At some point after our college experience, each of us decided to return to school (go to graduate school!) and take the opportunity to learn more about optimizing athletes’ motivation in sport. Early on, each of us read work by John Nicholls and Joan Duda, two researchers who were addressing these very issues. We were hooked from that moment, and we have spent the last two plus decades learning, conducting research, and applying these concepts with a variety of athletes across different ages, levels (youth, high school, college sport), and skill levels. We have seen over and over again how the key to having great sport experiences is very much in the hands of coaches who know how to create the right environment for athletes. As co-authors, we have traveled very similar paths in our sport involvement, studies throughout graduate school, and our work as college faculty. We have written this book to share with others information about how to be part of this movement to create a caring and task-involving climate that results in positive sport experiences for all athletes. Though some coaches may be more interested in the material (Chapters 313) directly related to practice, we want to provide some information up-front in this book about the theory and research upon which all our recommendations are based.

Introduction to Nicholls’ Motivation Theory Applied to Sport

Though multiple researchers were involved in developing theory and conducting research early on that laid the foundation for our work, John Nicholls played the biggest role.1 Beginning in the late 1970s and continuing until his death in 1994, he was doing the groundwork for understanding the motivational processes that were key for helping individuals maximize their potential. Basically, he developed a comprehensive theory that outlined three fundamental components of motivation (See Table 1.1). For the sake of brevity, we are providing a brief overview of Nicholls’ theory to give our readers some background for how this work has evolved.
Table 1.1 Key Elements in Nicholls’ Motivation Theory
Nicholl’s Motivation Theory Applied to Sport
• Children’s Understanding of Sport Ability
• Athletes’ Personal Definitions of Success (Goal Orientations)
• Athletes’ Perceptions of Their Team Environment

Young Athletes’ Understanding of Sport Ability

The first component of Nicholls’ theory details how children’s cognitive development occurs over the elementary school years. He described how very young children are incapable of understanding the concept of ability. They believe that high effort is synonymous with high ability (i.e., Whoever tries the hardest will perform the best), and they do not distinguish these concepts until they reach the upper elementary school grades. They also are incapable of distinguishing various levels of task difficulty. That is, adolescents and adults understand that if a small portion of athletes are able to do a task (hit a jump serve), it signifies high ability. Young children, instead, lack the mental capacity to recognize these distinctions.
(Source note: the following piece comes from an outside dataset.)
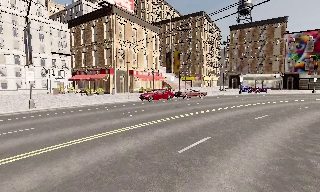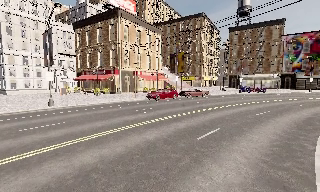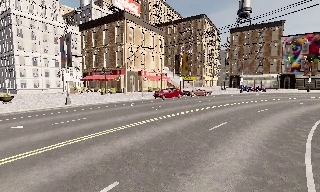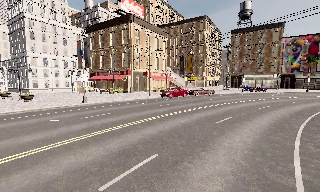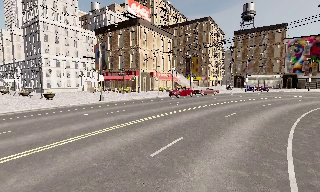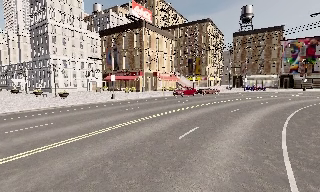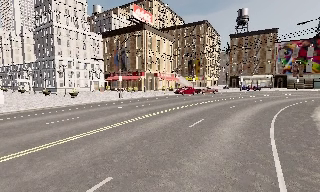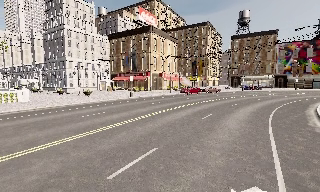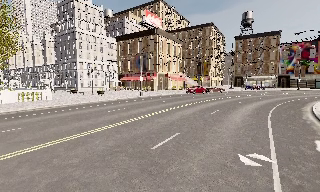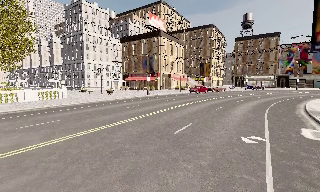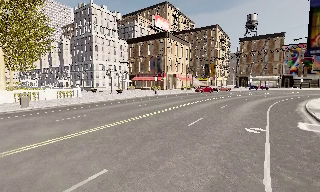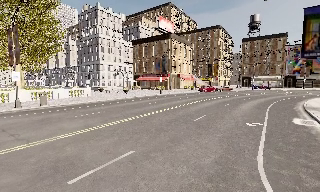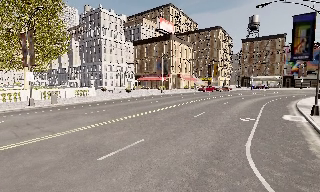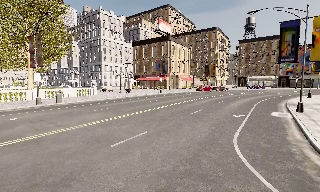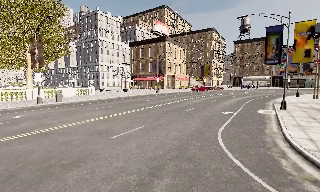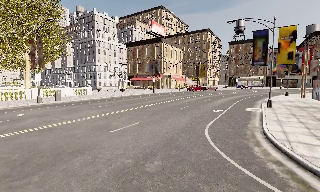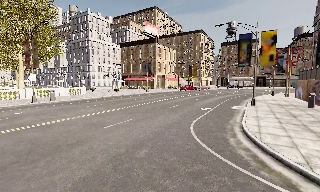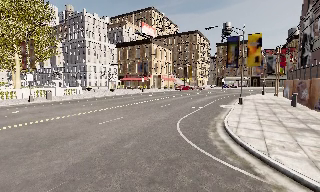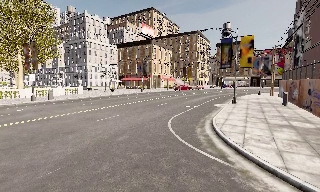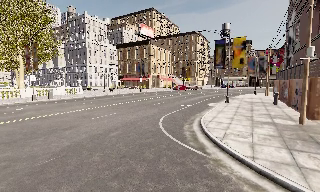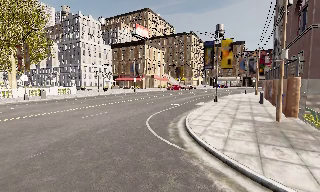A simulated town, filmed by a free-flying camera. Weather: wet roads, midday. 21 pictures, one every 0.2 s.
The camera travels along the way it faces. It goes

Instead, in their minds, all who try hard have high ability and will perform well. Worth noting is that children do not display a mature understanding of luck until they are approaching adolescence. Across the elementary years they are still believing that individuals have some control over performing well in luck tasks (e.g., “If I try hard I can do well in my Candy Land game” [a popular children’s game based on luck]). Nicholls’ research in this area, helped show how adults have a much stronger understanding of the concept of ability than do children.
One of the reasons Nicholls’ work in this area was so significant is that he was able to show that children’s delayed cognitive grasp of the concept of ability, serves as a protective factor to help them stay highly motivated through the elementary years. In fact, it is typically not until the middle and high school years that youngsters lose interest in school and other activities. Young children believe that high effort leads to positive outcomes and they do not yet accurately judge their ability in comparison to others, so there is no reason to withdraw effort.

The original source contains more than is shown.